Goldman Sachs economists have been tracking a number that does not get enough attention. AI is erasing approximately 16,000 net jobs per month across the American economy. Not layoffs pending recall. Not positions temporarily eliminated. Net jobs gone, month after month, as AI systems take over the work that humans were doing.
The workers absorbing most of that damage are young, educated, and entry-level. Gen Z. The generation that was told a degree would protect them, that writing skills mattered, that getting into tech was the safe bet. All of those bets are losing simultaneously.
The Numbers Are Not Abstractions
The tech industry cut nearly 80,000 positions in the first quarter of 2026 alone. Almost half of those cuts were attributed directly to AI, by the companies doing the cutting. That is not speculation or projection. Those are the companies’ own explanations for why they eliminated the positions.
The roles disappearing fastest are the ones that used to serve as the entry point into a career. Junior developer. Content writer. Technical support. Data analyst. Customer service representative. Bookkeeper. These are not jobs that required no skill. They required exactly the kind of structured, rule-following, pattern-recognition work that large language models are now very good at.
The jobs at the top of the ladder are mostly intact, for now. Senior engineers are fine. Executives are fine. The people who spent a decade building expertise before AI arrived are largely fine.

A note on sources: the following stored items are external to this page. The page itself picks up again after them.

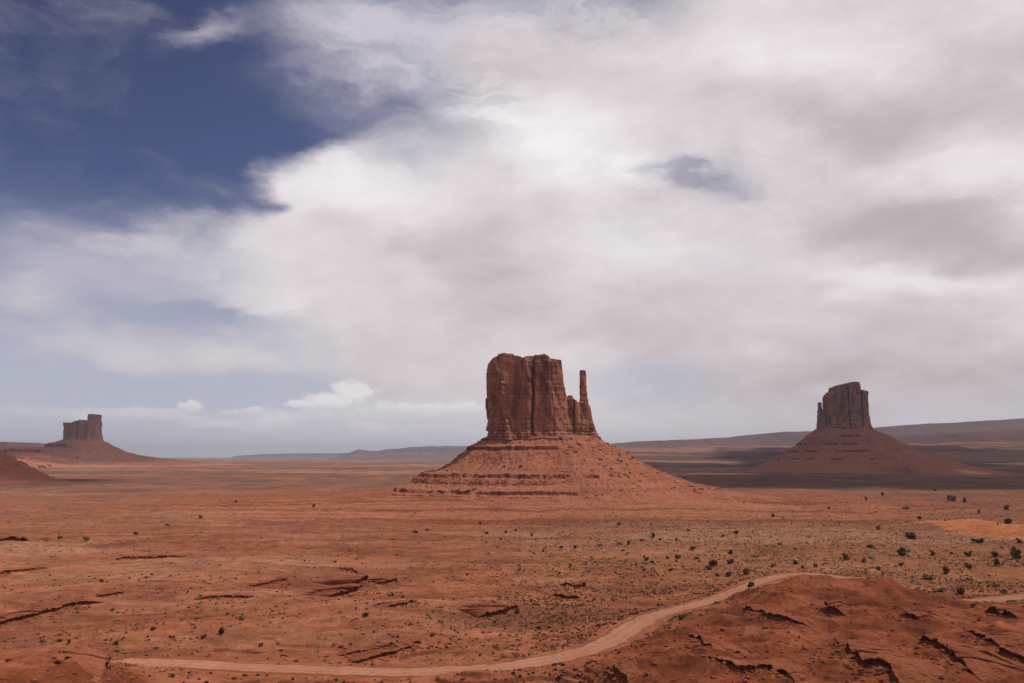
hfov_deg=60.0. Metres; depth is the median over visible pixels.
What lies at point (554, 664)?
brush
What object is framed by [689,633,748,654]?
rock ledge
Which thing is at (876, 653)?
rock ledge
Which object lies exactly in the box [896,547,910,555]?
shrub
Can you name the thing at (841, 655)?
stones
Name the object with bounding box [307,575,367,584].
rock ledge
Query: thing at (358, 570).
rock ledge
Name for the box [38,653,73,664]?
rock ledge
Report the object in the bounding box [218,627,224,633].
shrub
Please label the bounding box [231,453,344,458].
mesa
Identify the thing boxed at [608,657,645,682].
rock ledge
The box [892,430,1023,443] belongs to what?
mesa
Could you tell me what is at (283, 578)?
rock ledge
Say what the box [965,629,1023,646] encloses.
rock ledge
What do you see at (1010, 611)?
rock ledge
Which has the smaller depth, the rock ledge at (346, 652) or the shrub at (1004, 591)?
the rock ledge at (346, 652)
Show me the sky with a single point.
(229, 228)
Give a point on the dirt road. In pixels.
(625, 632)
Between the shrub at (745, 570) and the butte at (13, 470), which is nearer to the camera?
the shrub at (745, 570)
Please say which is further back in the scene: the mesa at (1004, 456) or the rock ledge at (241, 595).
the mesa at (1004, 456)
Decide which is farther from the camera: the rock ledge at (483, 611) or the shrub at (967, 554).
the shrub at (967, 554)
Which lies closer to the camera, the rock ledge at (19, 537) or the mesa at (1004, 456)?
the rock ledge at (19, 537)
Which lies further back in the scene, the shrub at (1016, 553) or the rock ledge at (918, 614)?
the shrub at (1016, 553)
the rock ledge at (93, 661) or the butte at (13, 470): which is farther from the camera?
the butte at (13, 470)
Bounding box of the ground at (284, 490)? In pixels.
[0,457,1023,682]
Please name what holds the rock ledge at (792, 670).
on the ground at (284, 490)
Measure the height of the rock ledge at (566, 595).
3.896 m
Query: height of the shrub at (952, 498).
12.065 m
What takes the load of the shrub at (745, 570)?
on the ground at (284, 490)
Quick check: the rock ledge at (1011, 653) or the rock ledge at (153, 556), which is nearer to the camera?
the rock ledge at (1011, 653)
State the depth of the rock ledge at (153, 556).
651.91 m
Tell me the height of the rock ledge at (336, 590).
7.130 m
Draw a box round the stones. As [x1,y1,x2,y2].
[0,540,1023,682]
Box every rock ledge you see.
[0,534,57,540]
[0,565,46,573]
[0,598,103,624]
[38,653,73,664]
[42,644,113,681]
[95,591,123,596]
[115,554,185,559]
[194,593,254,599]
[246,576,287,586]
[303,583,363,596]
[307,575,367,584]
[337,643,397,655]
[339,567,372,572]
[346,640,421,662]
[367,577,397,583]
[372,599,416,607]
[457,604,518,617]
[552,591,580,598]
[559,582,586,587]
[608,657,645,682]
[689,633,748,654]
[707,656,822,682]
[741,603,813,627]
[824,599,870,615]
[836,639,944,682]
[903,609,942,619]
[918,634,1023,681]
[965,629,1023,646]
[984,604,1023,618]
[999,646,1023,661]
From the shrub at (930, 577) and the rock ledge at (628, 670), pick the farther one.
the shrub at (930, 577)
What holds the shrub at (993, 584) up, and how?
on the ground at (284, 490)
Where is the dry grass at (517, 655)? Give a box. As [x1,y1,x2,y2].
[1,492,1023,662]
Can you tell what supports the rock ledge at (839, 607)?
on the ground at (284, 490)
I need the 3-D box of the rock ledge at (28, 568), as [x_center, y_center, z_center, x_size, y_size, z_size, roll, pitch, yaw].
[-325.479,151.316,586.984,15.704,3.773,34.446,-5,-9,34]
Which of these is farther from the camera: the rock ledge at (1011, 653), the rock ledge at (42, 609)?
the rock ledge at (42, 609)
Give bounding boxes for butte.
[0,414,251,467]
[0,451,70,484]
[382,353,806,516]
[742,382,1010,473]
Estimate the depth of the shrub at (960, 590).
479.09 m
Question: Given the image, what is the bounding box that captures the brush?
[0,492,1023,682]
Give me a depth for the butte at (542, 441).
1400.03 m
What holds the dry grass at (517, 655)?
on the ground at (284, 490)
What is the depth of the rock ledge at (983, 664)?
242.79 m
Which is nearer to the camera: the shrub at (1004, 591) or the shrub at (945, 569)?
the shrub at (1004, 591)
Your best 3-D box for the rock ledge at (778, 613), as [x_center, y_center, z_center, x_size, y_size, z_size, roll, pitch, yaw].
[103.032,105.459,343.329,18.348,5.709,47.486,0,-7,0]
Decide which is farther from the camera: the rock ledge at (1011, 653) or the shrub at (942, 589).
the shrub at (942, 589)
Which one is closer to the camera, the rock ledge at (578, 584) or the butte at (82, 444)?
the rock ledge at (578, 584)
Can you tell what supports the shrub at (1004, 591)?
on the ground at (284, 490)
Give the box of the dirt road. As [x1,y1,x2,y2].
[111,573,1023,677]
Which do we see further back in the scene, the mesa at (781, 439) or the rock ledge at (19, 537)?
the mesa at (781, 439)
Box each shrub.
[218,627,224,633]
[708,560,717,566]
[742,567,749,574]
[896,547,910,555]
[903,532,916,538]
[923,573,932,579]
[933,587,945,591]
[942,566,949,573]
[947,495,955,500]
[957,586,963,594]
[964,550,972,556]
[971,538,983,542]
[991,551,999,556]
[991,582,1000,586]
[999,589,1007,593]
[1004,518,1012,523]
[1010,546,1021,558]
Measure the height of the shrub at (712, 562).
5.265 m
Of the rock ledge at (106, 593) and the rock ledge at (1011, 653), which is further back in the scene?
the rock ledge at (106, 593)
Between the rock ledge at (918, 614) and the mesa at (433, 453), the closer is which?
the rock ledge at (918, 614)
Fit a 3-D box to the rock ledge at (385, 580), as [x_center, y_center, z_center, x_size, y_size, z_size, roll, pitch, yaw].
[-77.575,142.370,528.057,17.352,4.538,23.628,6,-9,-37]
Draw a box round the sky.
[0,0,1023,457]
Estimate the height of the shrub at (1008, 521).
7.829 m
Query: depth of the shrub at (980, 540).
752.07 m
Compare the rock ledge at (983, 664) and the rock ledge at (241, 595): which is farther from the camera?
the rock ledge at (241, 595)
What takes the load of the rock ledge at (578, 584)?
on the ground at (284, 490)
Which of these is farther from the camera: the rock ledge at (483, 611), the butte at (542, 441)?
the butte at (542, 441)
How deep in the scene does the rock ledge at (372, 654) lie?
328.67 m
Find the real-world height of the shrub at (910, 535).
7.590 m
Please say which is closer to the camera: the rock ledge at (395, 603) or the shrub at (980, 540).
the rock ledge at (395, 603)
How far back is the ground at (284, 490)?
589.88 m
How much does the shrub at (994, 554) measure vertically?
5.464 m
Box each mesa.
[0,442,44,447]
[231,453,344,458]
[333,446,467,459]
[611,418,1023,447]
[620,442,1023,470]
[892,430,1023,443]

The people who were supposed to spend the next decade building that expertise are the ones getting cut before they can start.
What Getting It Right Used to Look Like
There was a specific version of success that Gen Z was sold. Go to university. Study something technical. Get a coding job or a writing job or an analytical role at a company with good benefits. Learn the industry. Move up. It was a slower path than the startup lottery, but it was supposed to be reliable.
The entry-level jobs that path depended on are contracting. Inside Higher Ed reported this week that roles requiring college degrees are among the highest-exposure categories for AI displacement. The credential that was supposed to be the moat is not a moat against a system that can write, code, and analyze at the same time, at scale, without needing health insurance.
Boston Consulting Group estimates that AI will reshape between 50% and 55% of U.S. jobs over the next three years. That word — reshape — is doing a lot of work in that sentence. It can mean restructured and improved. It can also mean eliminated and replaced. For entry-level workers, the direction it is moving right now is not ambiguous.
The Oracle Pattern Is Becoming Standard
Oracle sent 30,000 termination notices by 6am email while posting $6 billion in quarterly profit. The money was not gone. It was being redirected. Away from human labor. Toward AI infrastructure. That is the corporate math behind the 16,000-a-month number. Companies are not cutting because they are struggling. They are cutting because they are profitable enough to buy systems that replace the humans who generated the profit.
This is not a technology story. It is a distribution story. The gains from automation are going somewhere. The question is whether the workers who were displaced by that automation have any claim on where they go.
The Counterargument Exists and Is Insufficient
Bureau of Labor Statistics projections show software developer employment growing 15% by 2034. IBM says it is tripling entry-level hiring. Some economists argue that new jobs always emerge to replace the ones technology eliminates. They are not wrong historically.
But historically, that transition happened over decades. The agricultural-to-industrial shift took generations. The industrial-to-service shift took a generation. The AI transition is happening over years, in some sectors over months. The speed matters. A 25-year-old who cannot get their first job does not have the luxury of waiting for the labor market to rebalance over the next thirty years.
58% of workers who use AI in their jobs say their position is safe from AI entirely. That confidence is being built during the same period the models themselves are getting significantly more capable. What feels safe today has a track record in this environment of not staying safe for long.
What This Actually Means Going Forward
Gen Z is not the only generation that will feel this. They are the first. The exposure is moving up the skill ladder, not staying at the bottom. The entry-level positions are gone first because they are easiest to automate. The mid-level positions are being restructured now. The senior positions will be next, on a longer timeline, but the direction is not reversing.
The 16,000-a-month number is a current rate, not a peak. The models being deployed this year are more capable than the ones deployed last year. The organizations building them are not slowing down. The question is not whether the number continues. The question is what happens to the people inside it.